Intersex people in the United States have some of the same rights as other people, but with significant gaps, particularly in protection from non-consensual cosmetic medical interventions and violence, and protection from discrimination. Actions by intersex civil society organizations aim to eliminate harmful practices, promote social acceptance, and equality. In recent years, intersex activists have also secured some forms of legal recognition.

History[edit]

Early accounts of intersex people in North America include those of English immigrant Thomas(ine) Hall, in 17th-century colonial Virginia and 19th-century Connecticut intersex man Levi Suydam, pronounced male and so eligible to vote. Early common law, like canon law,[1] held that hermaphrodites were to be treated as male or female depending on the prevailing sex.[2][3]

The U.S. intersex movement developed in the 1990s and 2000s, through the establishment of the Intersex Society of North America (ISNA) and the AIS Support Group USA (now called AISDSD)[4] in the 1990s, and Advocates for Informed Choice (now interACT), Bodies Like Ours,[5] Intersex Initiative,[5] and Organisation Intersex International,[5] (now locally known as the Intersex Campaign for Equality) in the following decade.

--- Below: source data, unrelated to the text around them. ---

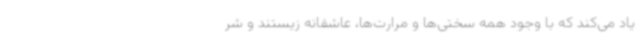
یاد می‌کند که با وجود همه سختی‌ها و مرارت‌ها، عاشقانه زیستند و شر
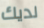
لديك
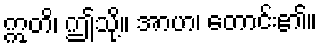
ဣတိ၊ ဤသို့။ အာဟ၊ တောင်း၏။
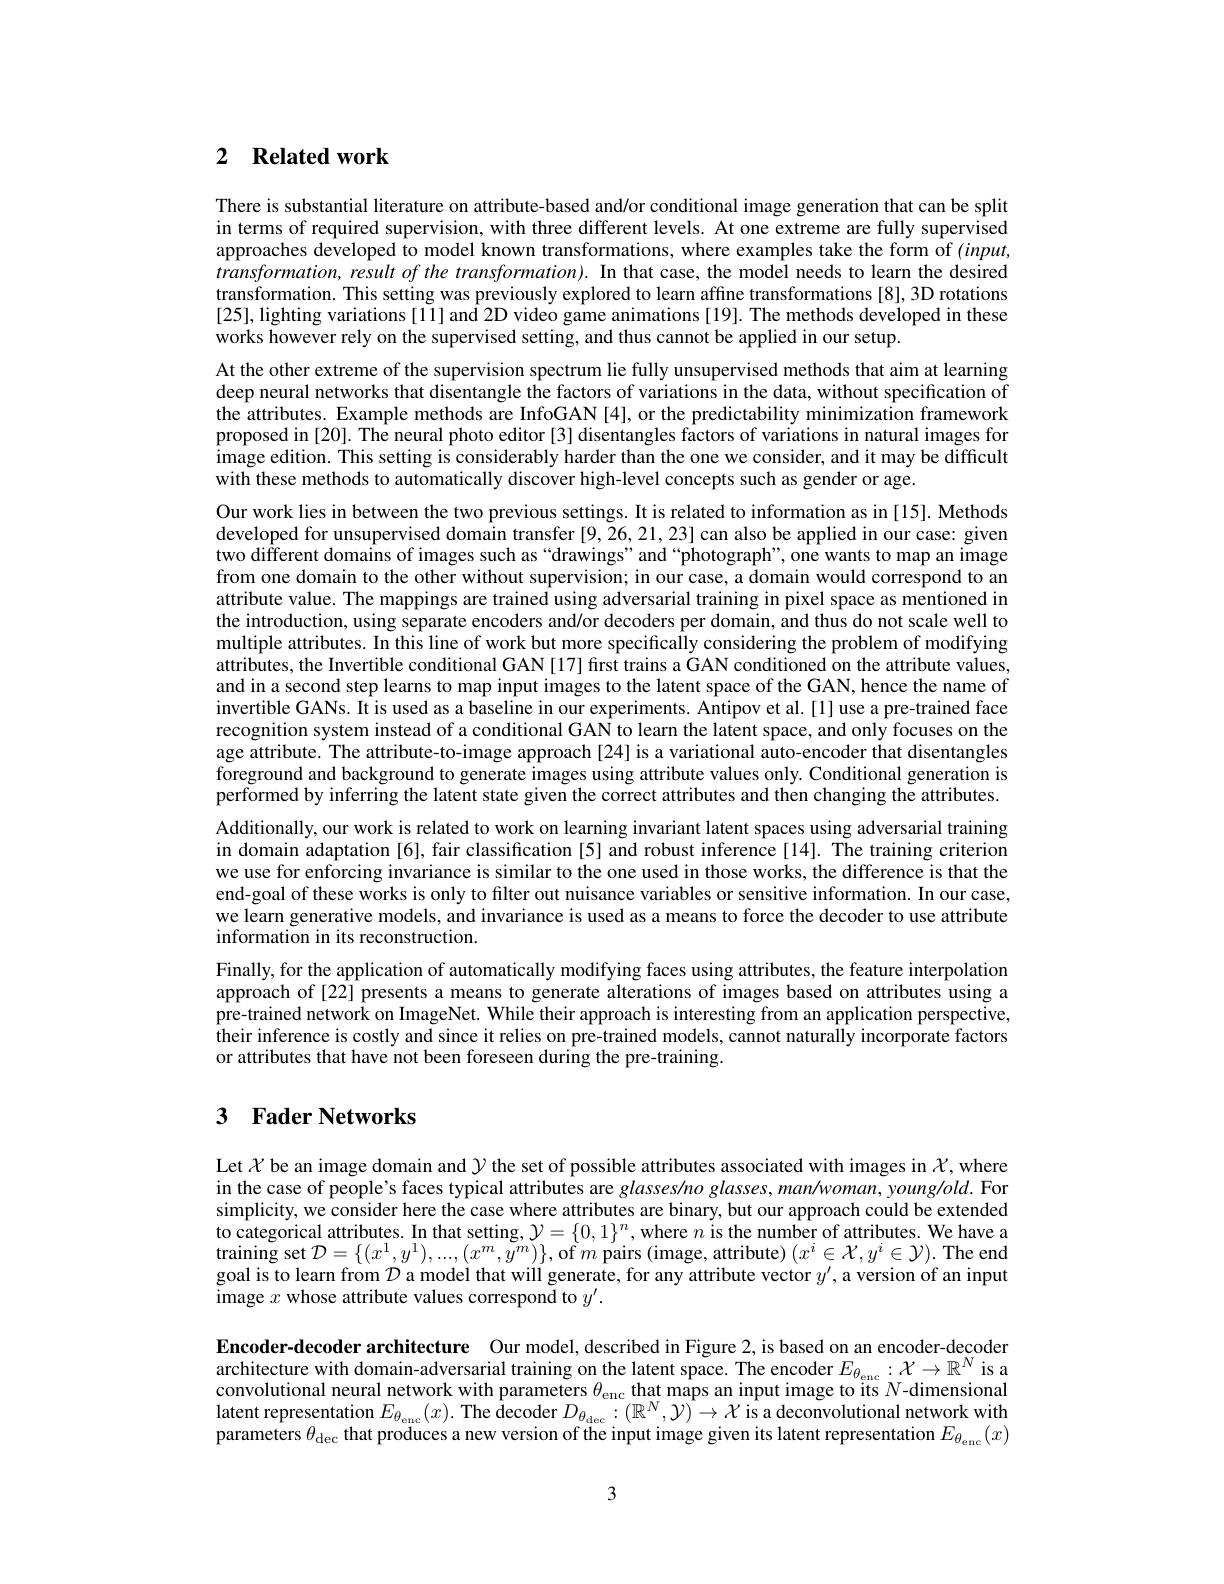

The Intersex Society of North America (ISNA) was a non-profit advocacy group founded in 1993 by Cheryl Chase to end shame, secrecy, and unwanted genital surgeries.[6][7][8][9][10] Amongst other activities, it published the journal Hermaphrodites with Attitude.

Intersex activism between the late 1990s and mid 2000s led from demonstrating outside a national pediatric conference, to speaking inside clinical conferences, and the first human rights investigation into medical "normalization", by the Human Rights Commission of the City and County of San Francisco.[11] However, coercive intersex medical interventions persist.[12]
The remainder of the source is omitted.